Data items:
################

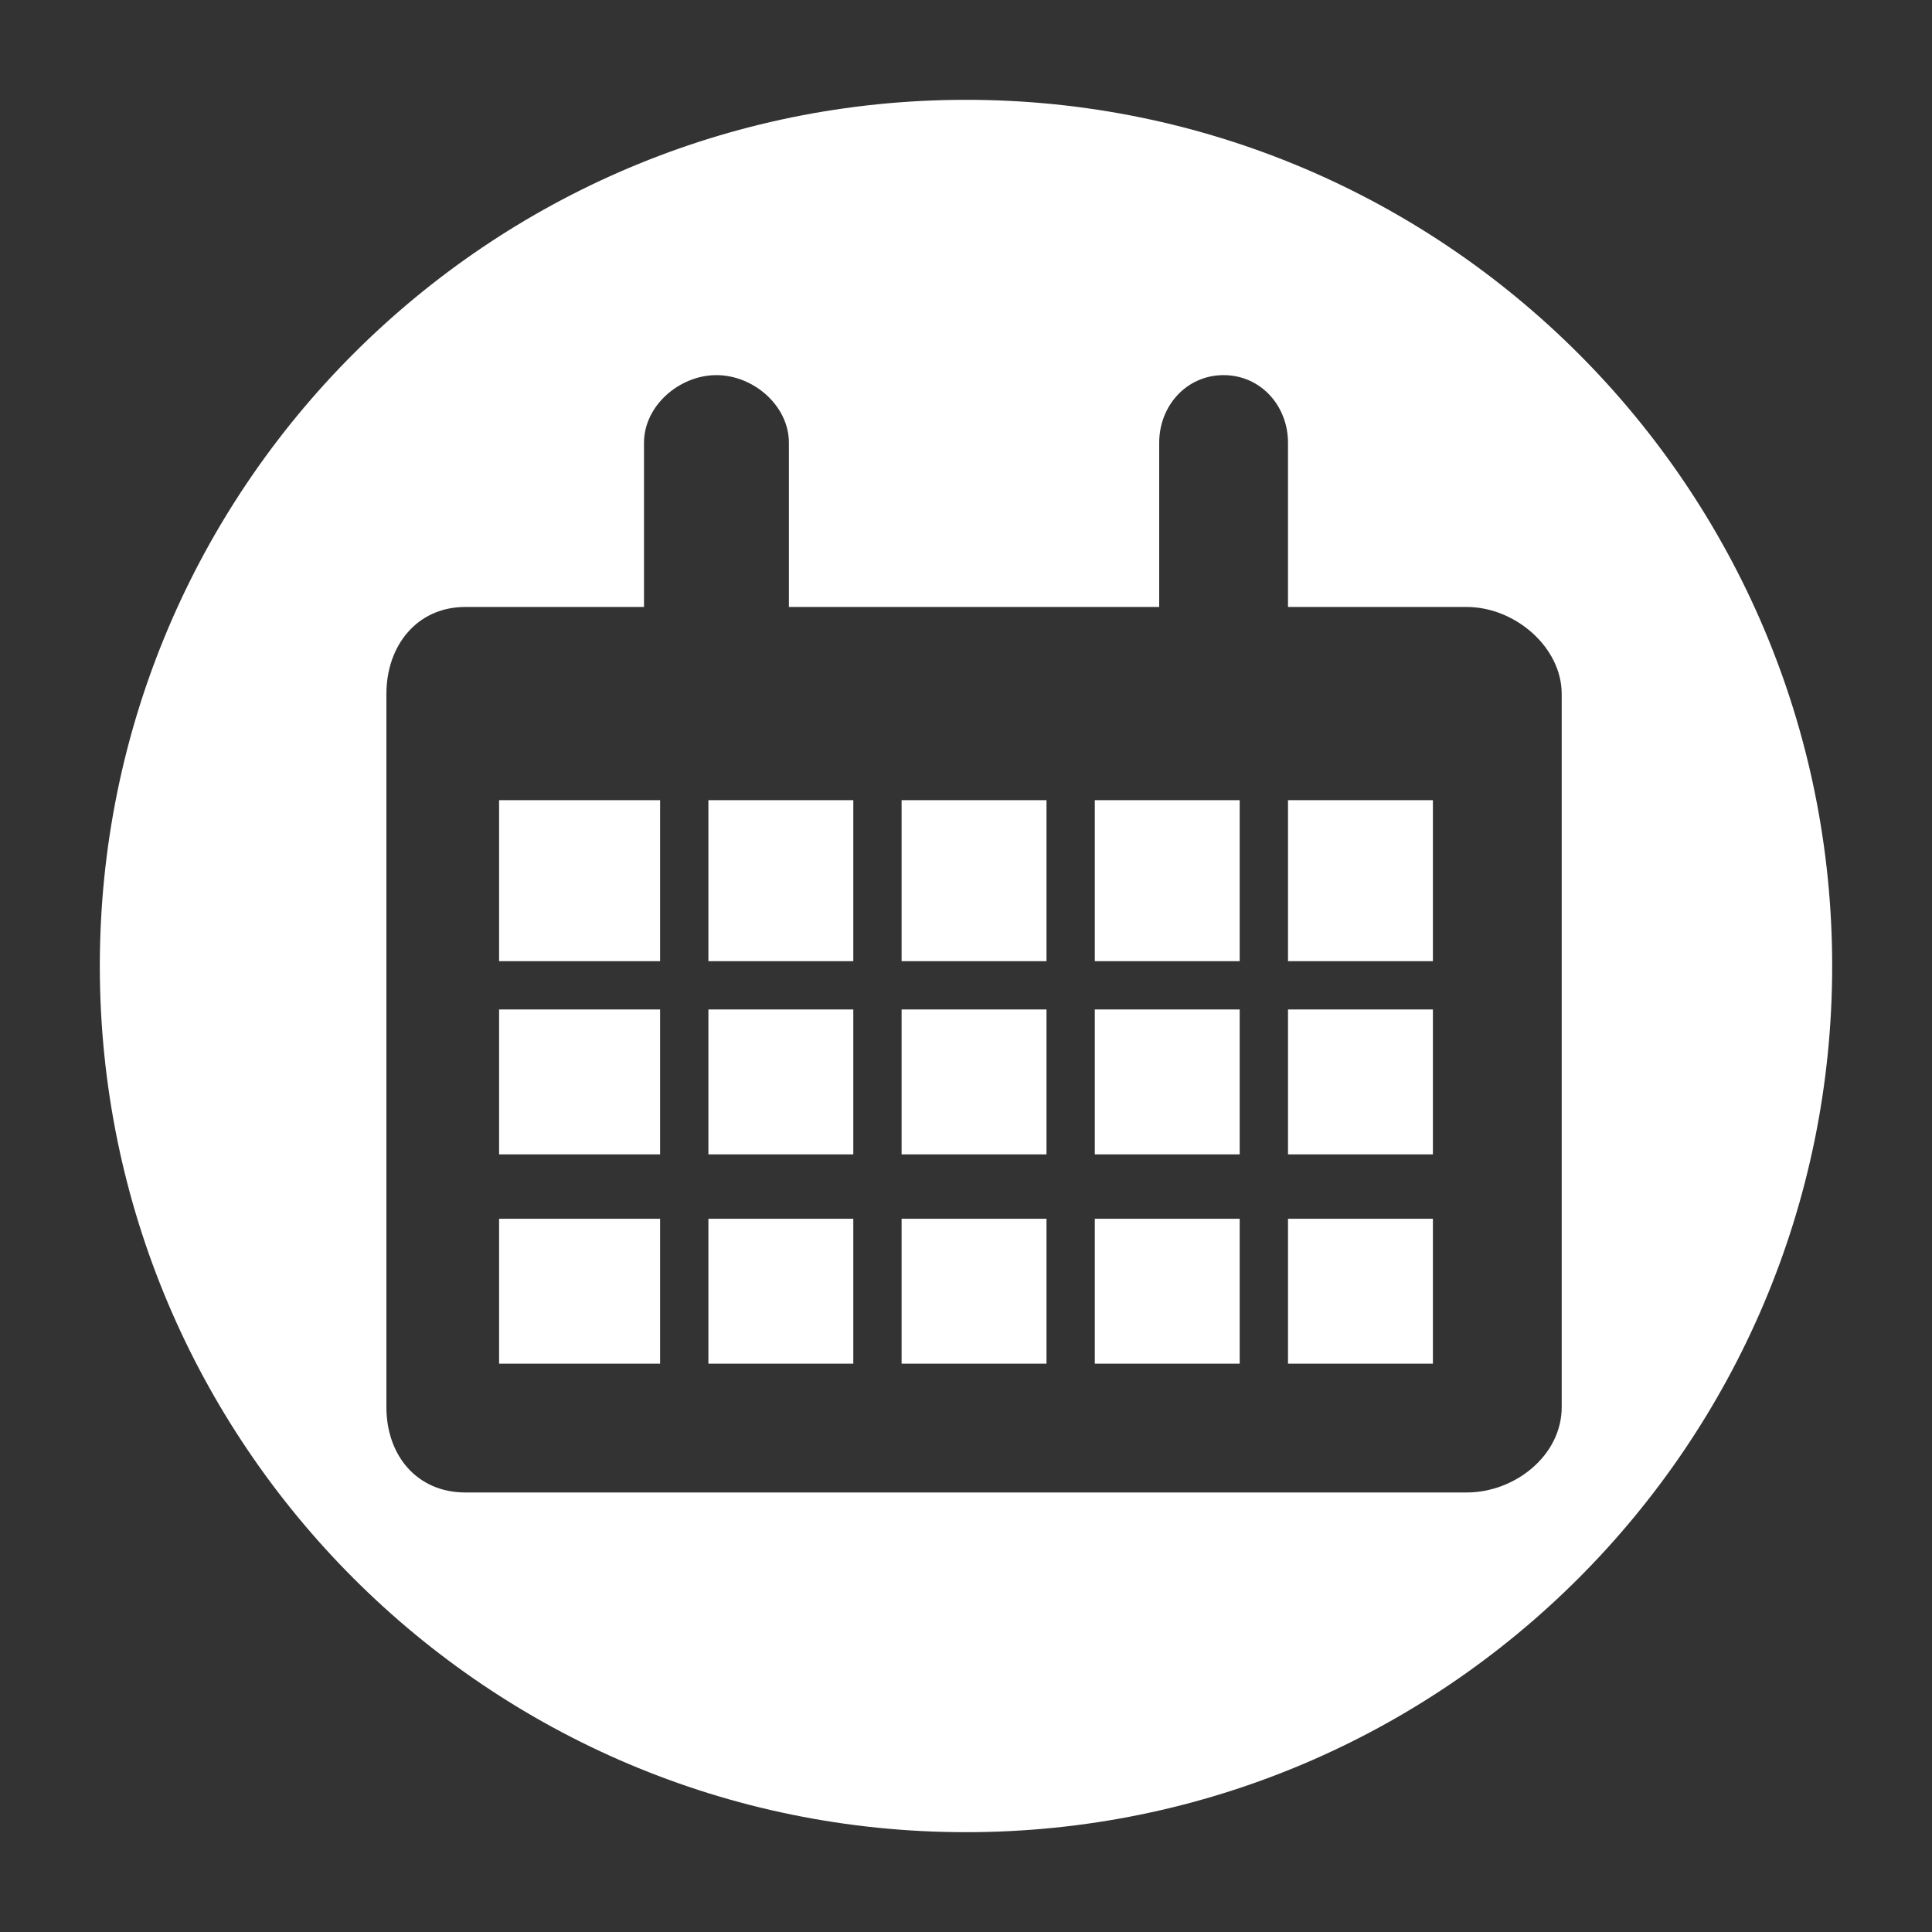 <?xml version="1.0" encoding="utf-8"?>
<!-- Generator: Adobe Illustrator 18.1.1, SVG Export Plug-In . SVG Version: 6.00 Build 0)  -->
<svg version="1.1" id="Layer_1" xmlns="http://www.w3.org/2000/svg" xmlns:xlink="http://www.w3.org/1999/xlink" x="0px" y="0px"
	 viewBox="0 0 120 120" enable-background="new 0 0 120 120" xml:space="preserve">
<rect x="0" y="0" width="120" height="120" fill="#333333" stroke="none"/>
<g>
	<rect x="44" y="75.7" fill="#FFFFFF" width="9" height="9"/>
	<rect x="44" y="49.7" fill="#FFFFFF" width="9" height="10"/>
	<rect x="44" y="62.7" fill="#FFFFFF" width="9" height="9"/>
	<rect x="56" y="62.7" fill="#FFFFFF" width="9" height="9"/>
	<rect x="56" y="75.7" fill="#FFFFFF" width="9" height="9"/>
	<rect x="31" y="75.7" fill="#FFFFFF" width="10" height="9"/>
	<rect x="31" y="49.7" fill="#FFFFFF" width="10" height="10"/>
	<rect x="31" y="62.7" fill="#FFFFFF" width="10" height="9"/>
	<path fill="#FFFFFF" d="M60,6.2C30.3,6.2,6.2,30.3,6.2,60c0,29.7,24.1,53.8,53.8,53.8s53.8-24.1,53.8-53.8
		C113.8,30.3,89.7,6.2,60,6.2z M97,87.4c0,3-2.9,5.3-5.9,5.3H28.9c-3,0-4.9-2.3-4.9-5.3V43.1c0-3,1.9-5.4,4.9-5.4H40V27.5
		c0-2.3,2.2-4.2,4.5-4.2s4.5,1.9,4.5,4.2v10.2h23V27.5c0-2.3,1.7-4.2,4-4.2s4,1.9,4,4.2v10.2h11.1c3,0,5.9,2.5,5.9,5.4V87.4z"/>
	<rect x="80" y="62.7" fill="#FFFFFF" width="9" height="9"/>
	<rect x="80" y="75.7" fill="#FFFFFF" width="9" height="9"/>
	<rect x="80" y="49.7" fill="#FFFFFF" width="9" height="10"/>
	<rect x="56" y="49.7" fill="#FFFFFF" width="9" height="10"/>
	<rect x="68" y="49.7" fill="#FFFFFF" width="9" height="10"/>
	<rect x="68" y="75.7" fill="#FFFFFF" width="9" height="9"/>
	<rect x="68" y="62.7" fill="#FFFFFF" width="9" height="9"/>
</g>
</svg>

################

# [Goal of the exercise]
Your copy should hold all the data word for word. It should hold no pictures.

# [Exercise response]
 <?xml version="1.0" encoding="utf-8"?>
<!-- Generator: Adobe Illustrator 18.1.1, SVG Export Plug-In . SVG Version: 6.00 Build 0)  -->
<svg version="1.1" id="Layer_1" xmlns="http://www.w3.org/2000/svg" xmlns:xlink="http://www.w3.org/1999/xlink" x="0px" y="0px"
	 viewBox="0 0 120 120" enable-background="new 0 0 120 120" xml:space="preserve">
<rect x="0" y="0" width="120" height="120" fill="#333333" stroke="none"/>
<g>
	<rect x="44" y="75.7" fill="#FFFFFF" width="9" height="9"/>
	<rect x="44" y="49.7" fill="#FFFFFF" width="9" height="10"/>
	<rect x="44" y="62.7" fill="#FFFFFF" width="9" height="9"/>
	<rect x="56" y="62.7" fill="#FFFFFF" width="9" height="9"/>
	<rect x="56" y="75.7" fill="#FFFFFF" width="9" height="9"/>
	<rect x="31" y="75.7" fill="#FFFFFF" width="10" height="9"/>
	<rect x="31" y="49.7" fill="#FFFFFF" width="10" height="10"/>
	<rect x="31" y="62.7" fill="#FFFFFF" width="10" height="9"/>
	<path fill="#FFFFFF" d="M60,6.2C30.3,6.2,6.2,30.3,6.2,60c0,29.7,24.1,53.8,53.8,53.8s53.8-24.1,53.8-53.8
		C113.8,30.3,89.7,6.2,60,6.2z M97,87.4c0,3-2.9,5.3-5.9,5.3H28.9c-3,0-4.9-2.3-4.9-5.3V43.1c0-3,1.9-5.4,4.9-5.4H40V27.5
		c0-2.3,2.2-4.2,4.5-4.2s4.5,1.9,4.5,4.2v10.2h23V27.5c0-2.3,1.7-4.2,4-4.2s4,1.9,4,4.2v10.2h11.1c3,0,5.9,2.5,5.9,5.4V87.4z"/>
	<rect x="80" y="62.7" fill="#FFFFFF" width="9" height="9"/>
	<rect x="80" y="75.7" fill="#FFFFFF" width="9" height="9"/>
	<rect x="80" y="49.7" fill="#FFFFFF" width="9" height="10"/>
	<rect x="56" y="49.7" fill="#FFFFFF" width="9" height="10"/>
	<rect x="68" y="49.7" fill="#FFFFFF" width="9" height="10"/>
	<rect x="68" y="75.7" fill="#FFFFFF" width="9" height="9"/>
	<rect x="68" y="62.7" fill="#FFFFFF" width="9" height="9"/>
</g>
</svg>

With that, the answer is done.